More importantly, the European welfare state is an obstacle to integrating low-skilled foreigners, because it means they never have to work. Of course, most of them do eventually find jobs, but at rates lower than the native population. The U.S. gives immigrants nothing. They are expected to find jobs by themselves, without hand-holding by the state. Sink or swim.
Of course, immigrant Americans do end up on welfare more frequently than the native population, but America has an Anglo-Saxon welfare state that provides temporary assistance during down times. It is telling that the former U.S. welfare program called "Aid to Families with Dependent Children" was renamed in 1996 to "Temporary Assistance for Needy Families".
Temporary. You will get help for some time, but then it will stop, and you'll need to find another solution: Move in with family members, sell your possessions, beg on the streets. But preferably, you'll find a job. Will there be a welfare case-worker there to help you find it? No, you'll have to find one yourself. Same thing if you're an immigrant.
Northern European welfare systems, by contrast, provide a permanent, unconditional lifelong cushion of support. (Southern European welfare systems aspire to this but don't have the money or organizational competence to genuinely deliver it). If you simply choose never to even try to find a job, you will continue receiving health insurance, rent support for a small individual apartment, and a basic income, no matter what. It will be anything but luxurious, but it can never be terminated, because the state must guarantee every person in its borders a basic level of existence required by human dignity.

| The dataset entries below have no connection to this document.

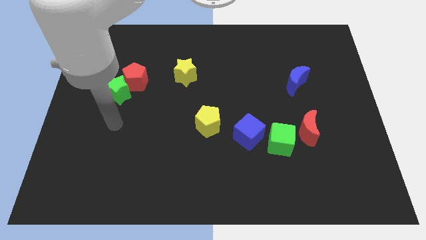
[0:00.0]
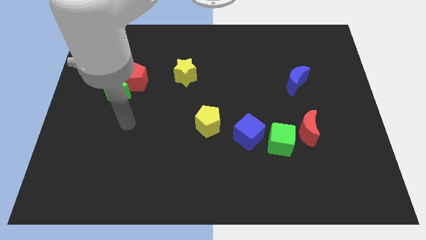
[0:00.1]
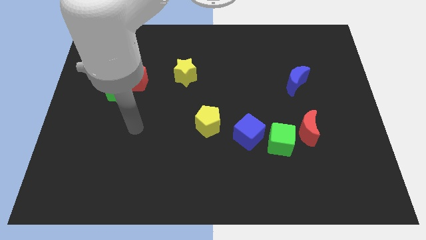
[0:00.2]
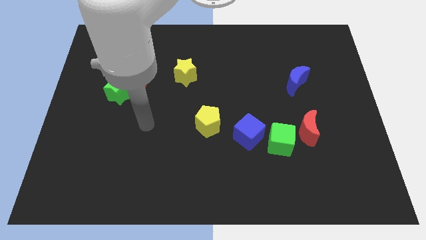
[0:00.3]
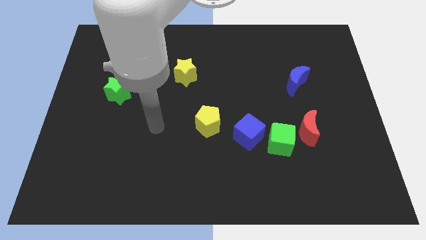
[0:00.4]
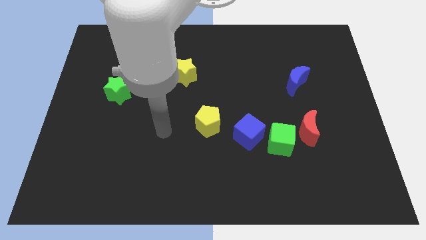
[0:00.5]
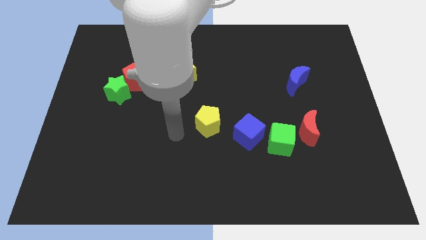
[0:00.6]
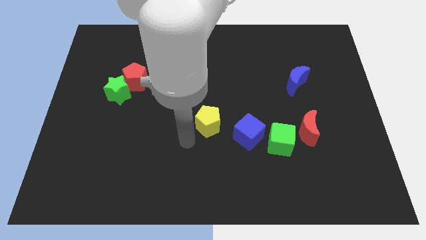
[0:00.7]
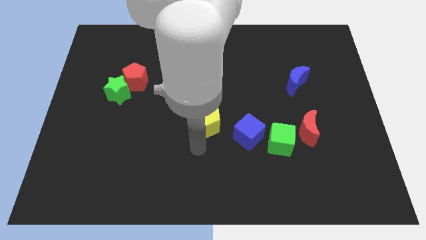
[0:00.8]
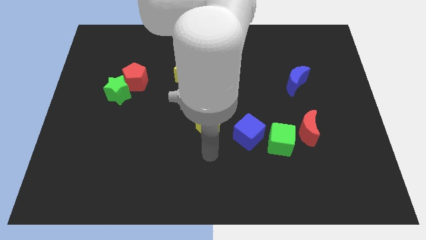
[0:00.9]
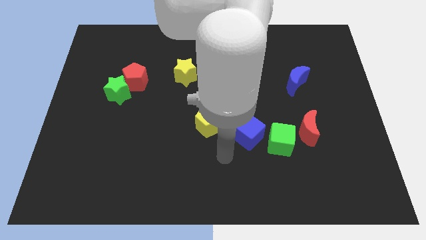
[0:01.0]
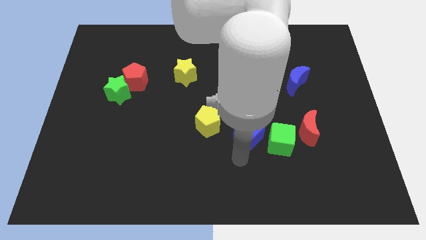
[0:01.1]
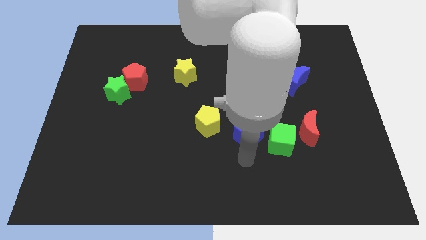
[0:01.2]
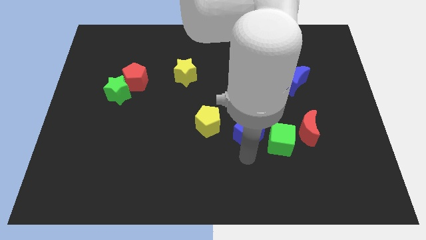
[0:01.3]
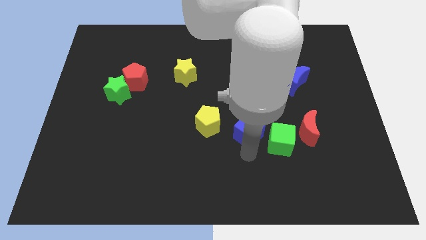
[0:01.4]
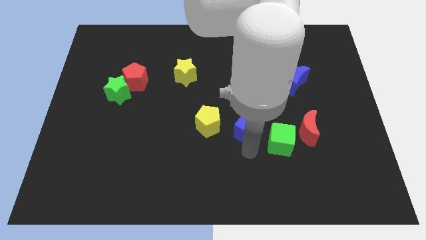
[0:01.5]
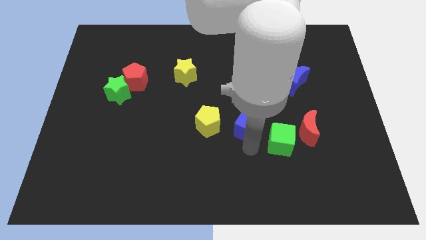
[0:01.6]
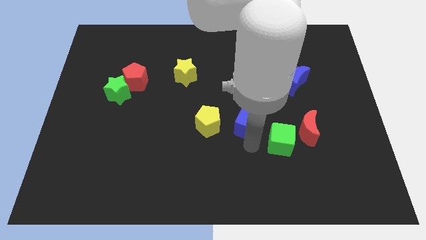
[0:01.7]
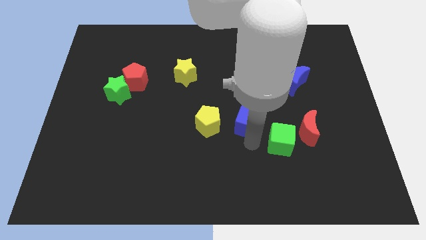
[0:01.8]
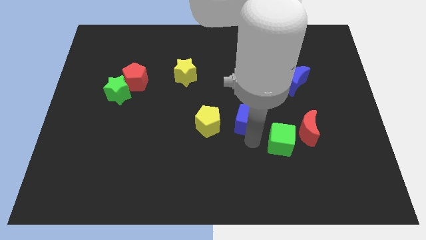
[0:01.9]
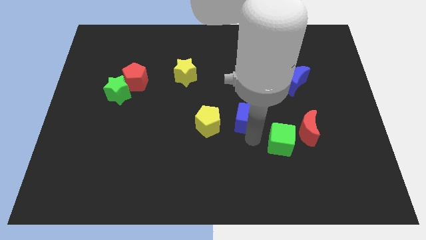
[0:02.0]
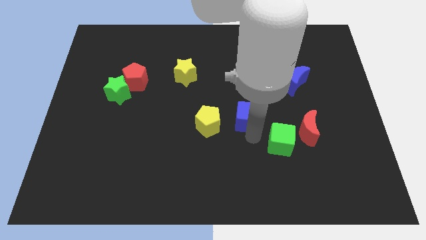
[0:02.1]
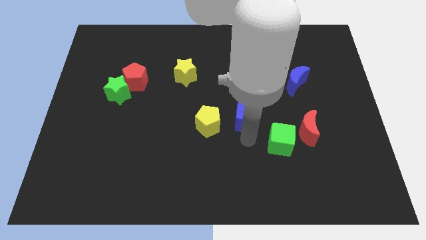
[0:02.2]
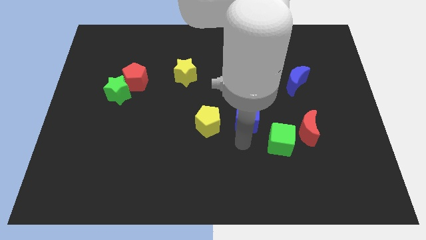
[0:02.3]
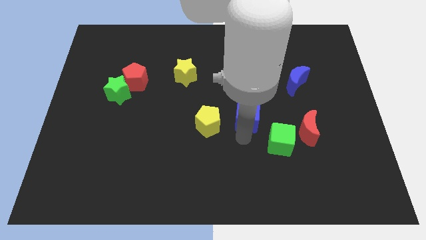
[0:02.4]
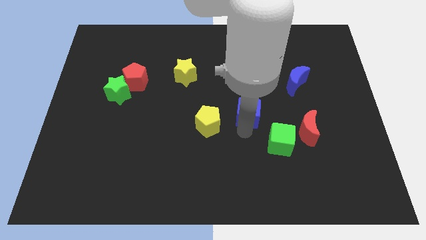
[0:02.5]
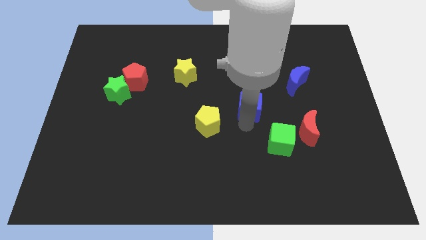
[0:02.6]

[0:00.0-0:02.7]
slightly push the blue cube up

Thus, Americans tend to look at unskilled immigrants as thrifty, God-fearing, hard-working types willing to do nasty jobs. Europeans tend to look at unskilled immigrants as yet another potential addition to the welfare rolls. They're not wrong: in 2006 every fourth welfare recipient (g) in Germany was a foreigner. And that number has skyrocketed: a recent government report leaked to the press showed that as refugees leave the program of temporary refugee assistance and enter the official government welfare rolls, the number only of non-European foreign welfare recipients shot up 132% from 2015 to 2016 — an increase of about 400,000, to a total of 698,872 (g).
That's a whole lot of people to support, potentially for life, with free government-financed education, housing, healthcare, and welfare. Of course, some of these people will seek and find jobs. But they'll be in direct competition with low-skilled native workers. Low-skilled workers have noticed that their wages have stagnated with decades. They are also going to notice fresh competition from hundreds of thousands of foreigners willing to work for a fraction of their wages.
But hundreds of thousands of these newcomers with either never look for a job, or never find one. And plenty of Germans will ask a simple question:
"How does it benefit Germany — or me — for politicians to import hundreds of thousands of foreigners who will simply live here on welfare until they die?"
Of course, many members of the urban haute bourgeoisie, and probably all church officials, will react with outrage to this question. But that's not going to stop people from asking it, and demanding answers.
There are around 600 so-called "dangerous persons" (g) (Gefährder) living in Germany. These are people on an official government watch list because they're considered at high risk of committing terrorist attacks or other acts of violence. Most of them are Islamists. Some of them are in custody, others are not, some are under strict surveillance, others aren't. As with a lot of things in Germany, it's complicated.
In February of this year, German cops raided one of these men. He was a foreign national from "country N" (I'll presume Nigeria), born and raised in Germany, now a radical Islamist. He wanted to join up with ISIS in Syria, but couldn't manage the funds and paperwork, so he mulled over attacks in Germany with his chat partner, Abdullah K. who either was or pretended to be an ISIS recruiter.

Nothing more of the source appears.